(Dataset items)
===============

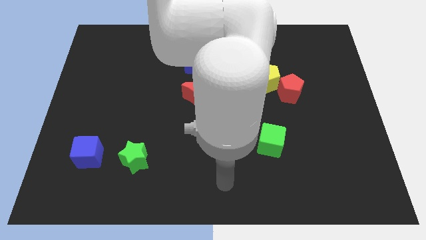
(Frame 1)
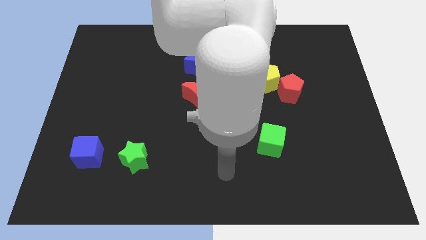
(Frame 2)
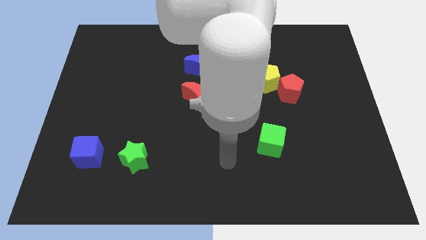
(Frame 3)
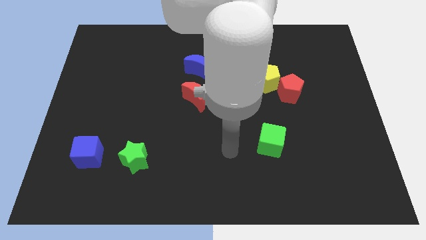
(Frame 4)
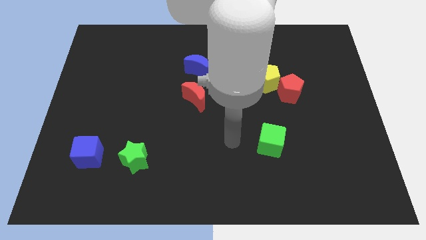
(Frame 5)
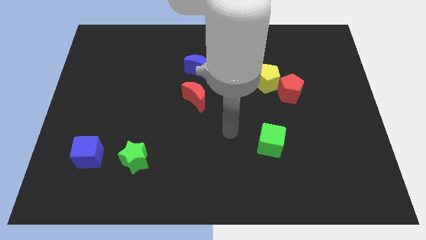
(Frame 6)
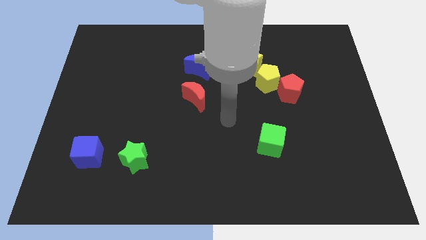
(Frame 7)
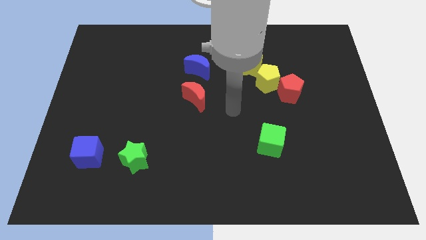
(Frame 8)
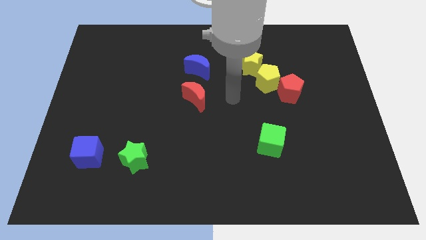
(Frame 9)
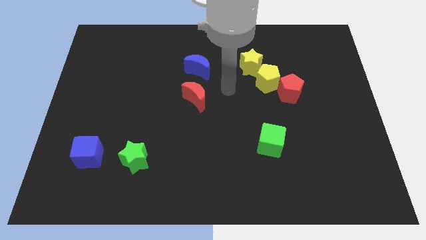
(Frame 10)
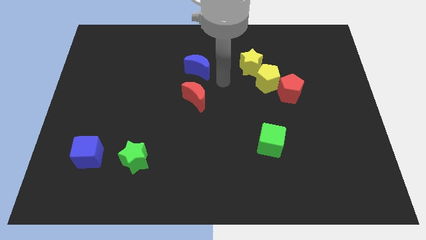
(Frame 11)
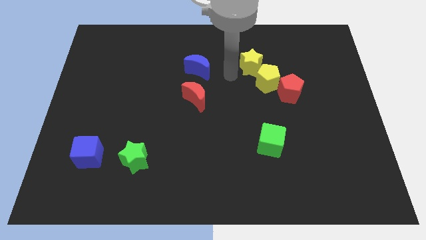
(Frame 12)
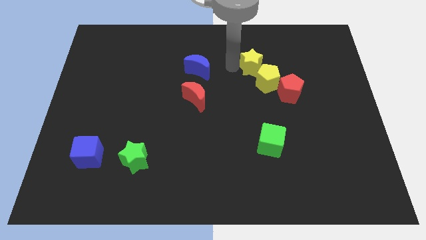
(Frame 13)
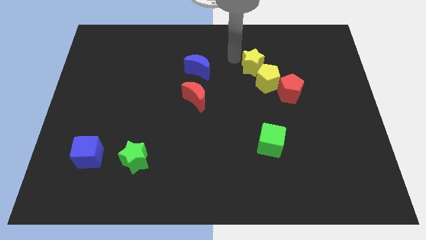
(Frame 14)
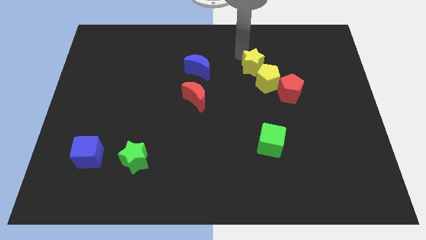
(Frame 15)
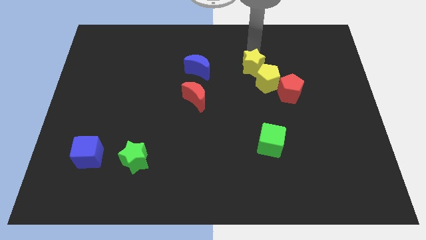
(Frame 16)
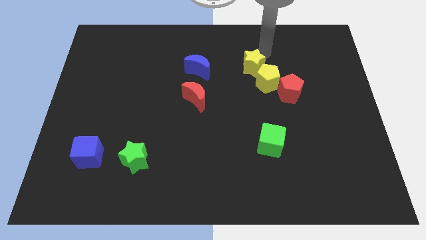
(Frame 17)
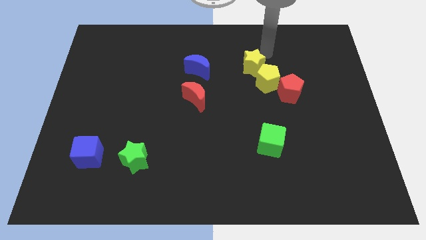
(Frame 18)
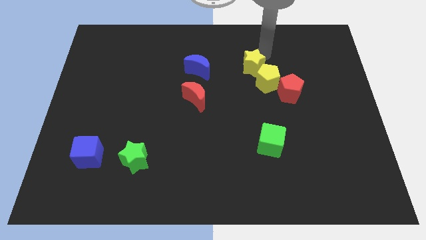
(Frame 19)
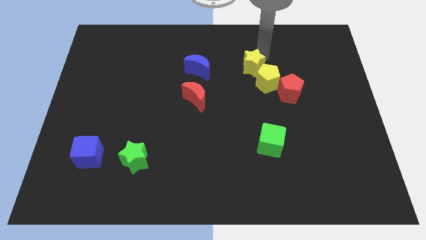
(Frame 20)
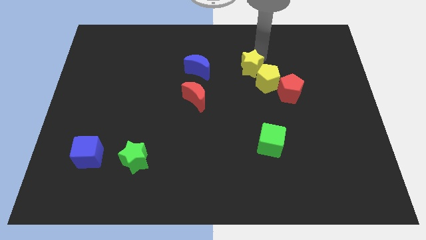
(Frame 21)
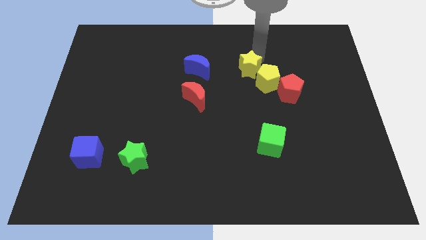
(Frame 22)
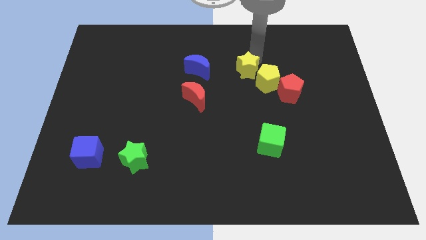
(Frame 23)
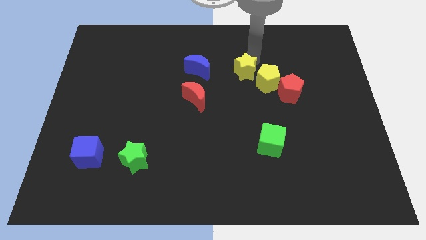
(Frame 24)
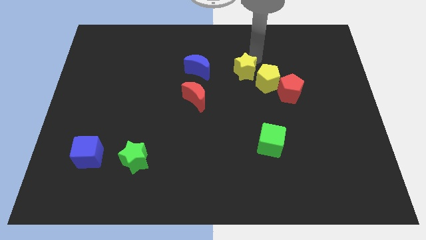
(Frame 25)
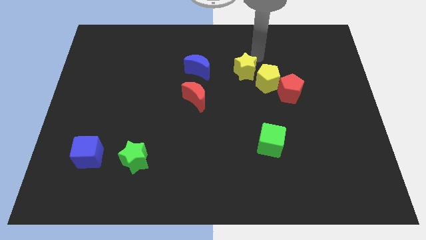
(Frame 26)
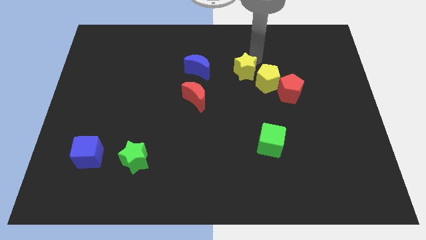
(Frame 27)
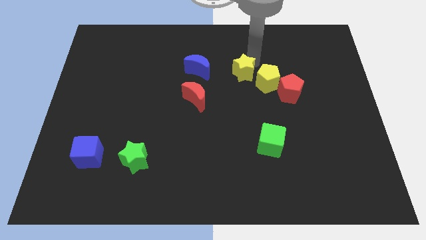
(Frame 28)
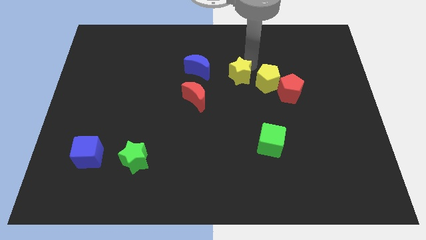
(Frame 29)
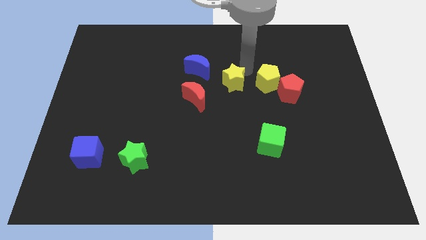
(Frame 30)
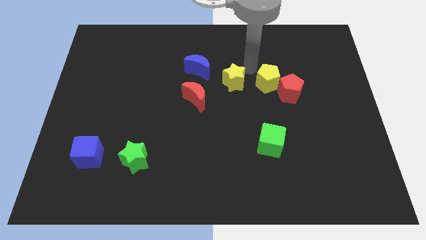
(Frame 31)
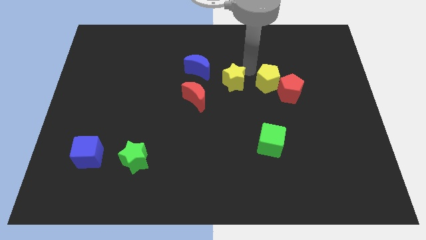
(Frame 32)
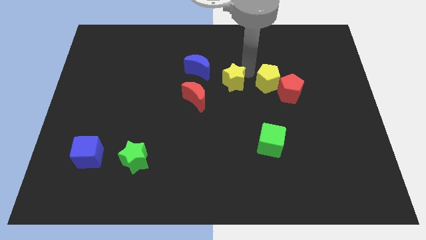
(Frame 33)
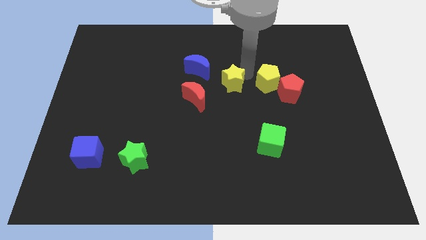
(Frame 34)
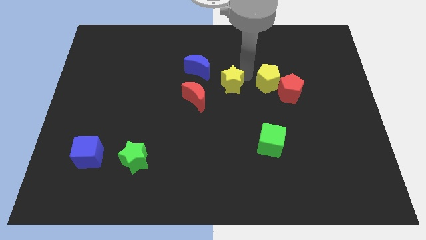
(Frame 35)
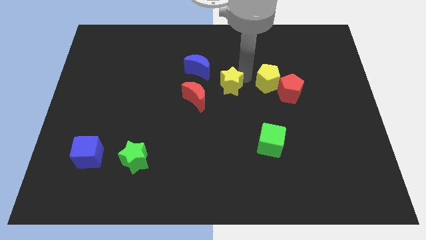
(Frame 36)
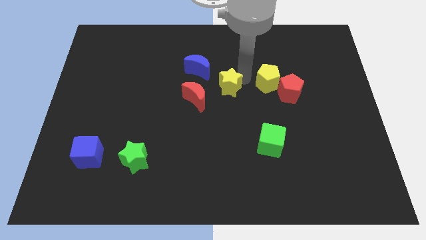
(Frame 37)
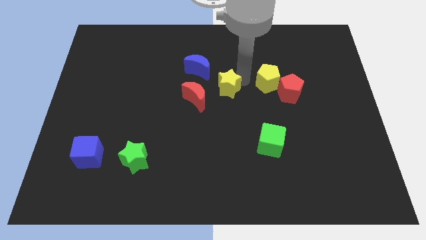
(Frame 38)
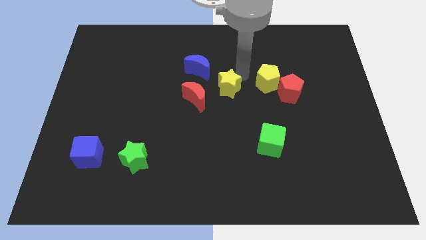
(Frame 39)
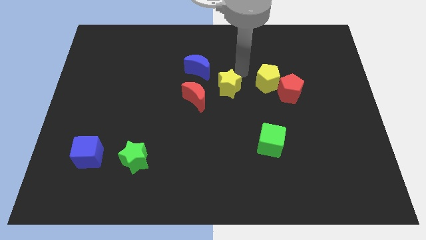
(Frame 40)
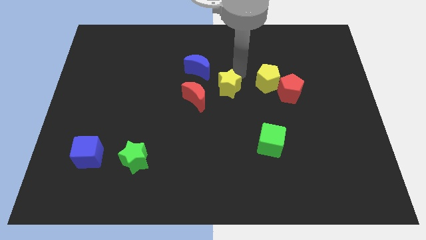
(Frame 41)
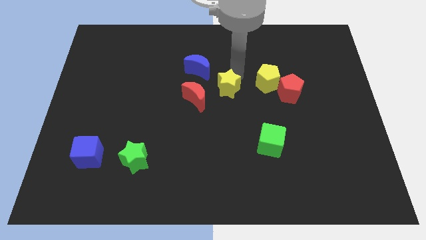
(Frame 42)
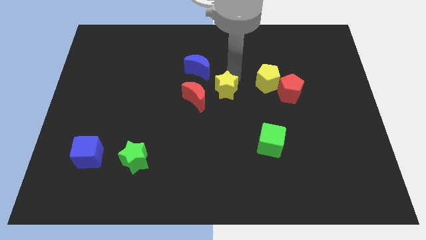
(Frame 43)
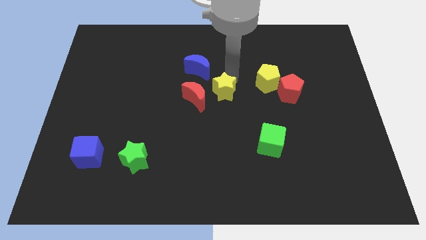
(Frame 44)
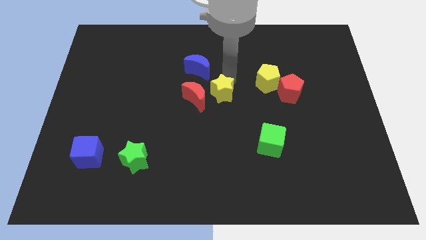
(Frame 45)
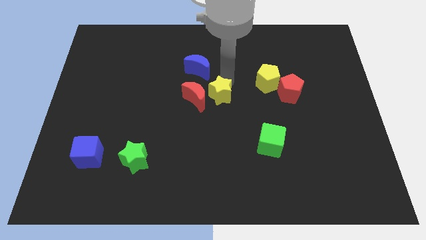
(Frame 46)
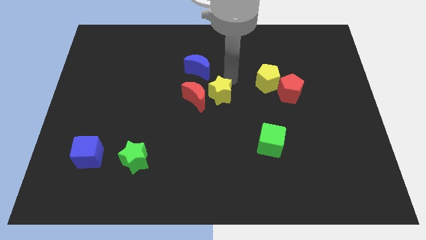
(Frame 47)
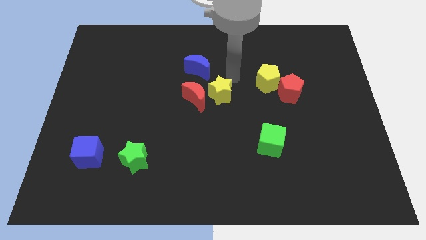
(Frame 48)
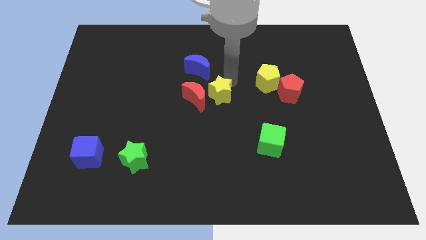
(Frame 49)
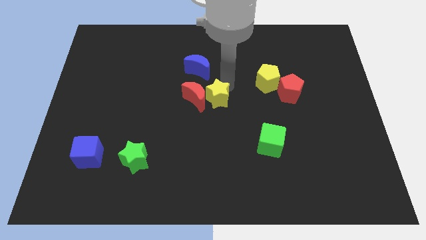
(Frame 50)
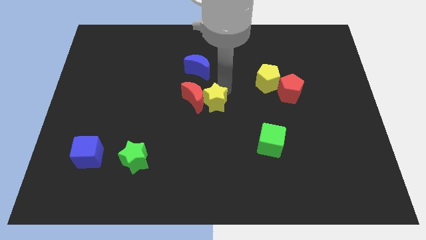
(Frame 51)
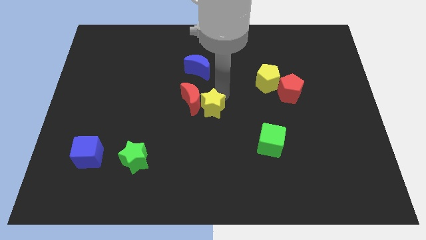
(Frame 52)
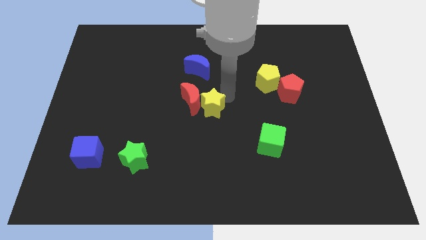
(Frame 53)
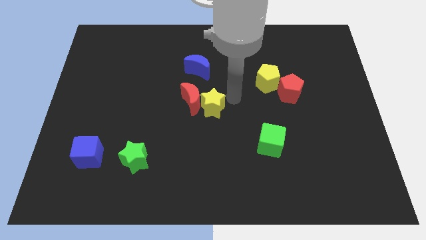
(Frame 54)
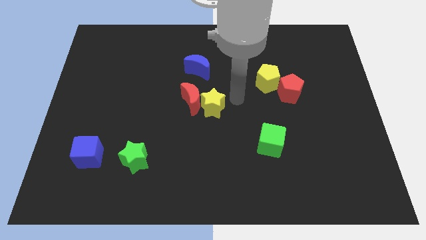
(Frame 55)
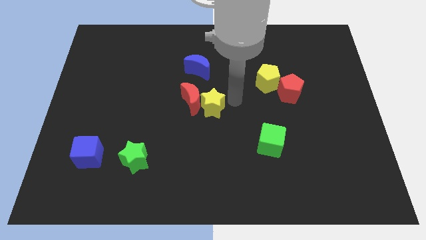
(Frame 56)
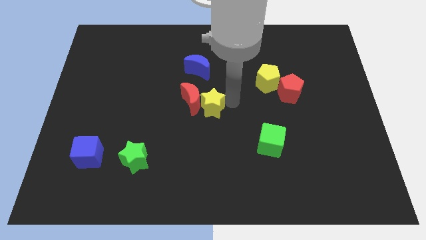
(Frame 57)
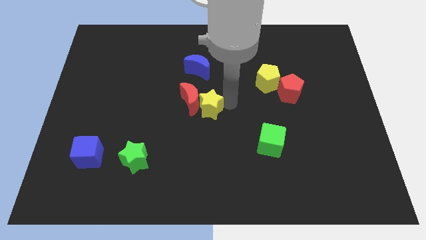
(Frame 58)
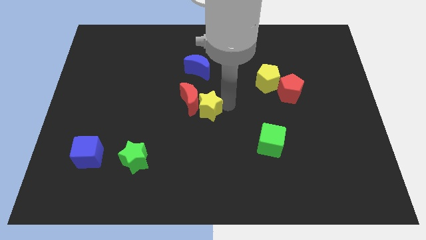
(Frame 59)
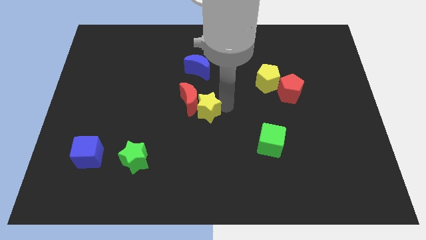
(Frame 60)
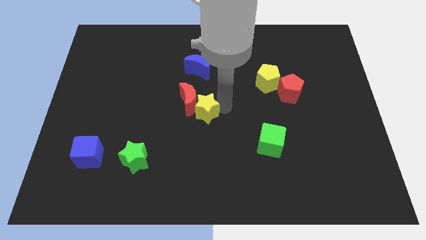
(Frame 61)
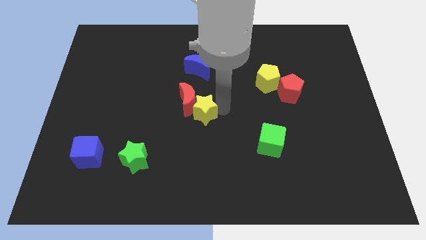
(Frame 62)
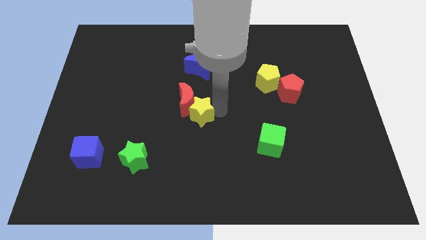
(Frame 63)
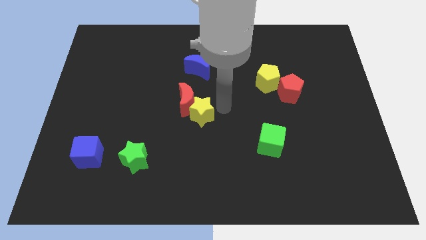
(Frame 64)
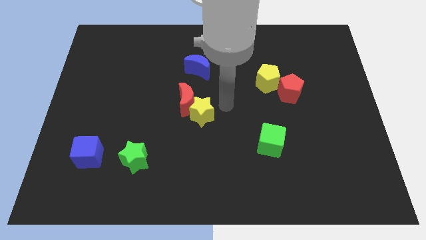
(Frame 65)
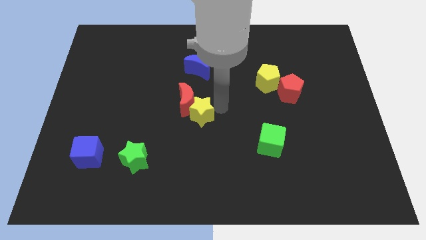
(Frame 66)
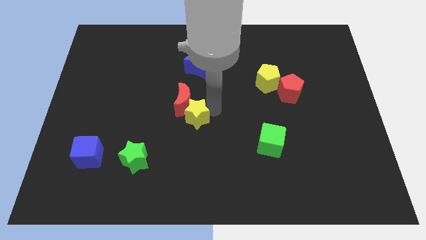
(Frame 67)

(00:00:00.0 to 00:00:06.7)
move the yellow star down and then left

===============

• _The task_
Each record above must be retyped exactly, minus its pictures.

• _Written response_
(Frame 1)
(Frame 2)
(Frame 3)
(Frame 4)
(Frame 5)
(Frame 6)
(Frame 7)
(Frame 8)
(Frame 9)
(Frame 10)
(Frame 11)
(Frame 12)
(Frame 13)
(Frame 14)
(Frame 15)
(Frame 16)
(Frame 17)
(Frame 18)
(Frame 19)
(Frame 20)
(Frame 21)
(Frame 22)
(Frame 23)
(Frame 24)
(Frame 25)
(Frame 26)
(Frame 27)
(Frame 28)
(Frame 29)
(Frame 30)
(Frame 31)
(Frame 32)
(Frame 33)
(Frame 34)
(Frame 35)
(Frame 36)
(Frame 37)
(Frame 38)
(Frame 39)
(Frame 40)
(Frame 41)
(Frame 42)
(Frame 43)
(Frame 44)
(Frame 45)
(Frame 46)
(Frame 47)
(Frame 48)
(Frame 49)
(Frame 50)
(Frame 51)
(Frame 52)
(Frame 53)
(Frame 54)
(Frame 55)
(Frame 56)
(Frame 57)
(Frame 58)
(Frame 59)
(Frame 60)
(Frame 61)
(Frame 62)
(Frame 63)
(Frame 64)
(Frame 65)
(Frame 66)
(Frame 67)

(00:00:00.0 to 00:00:06.7)
move the yellow star down and then left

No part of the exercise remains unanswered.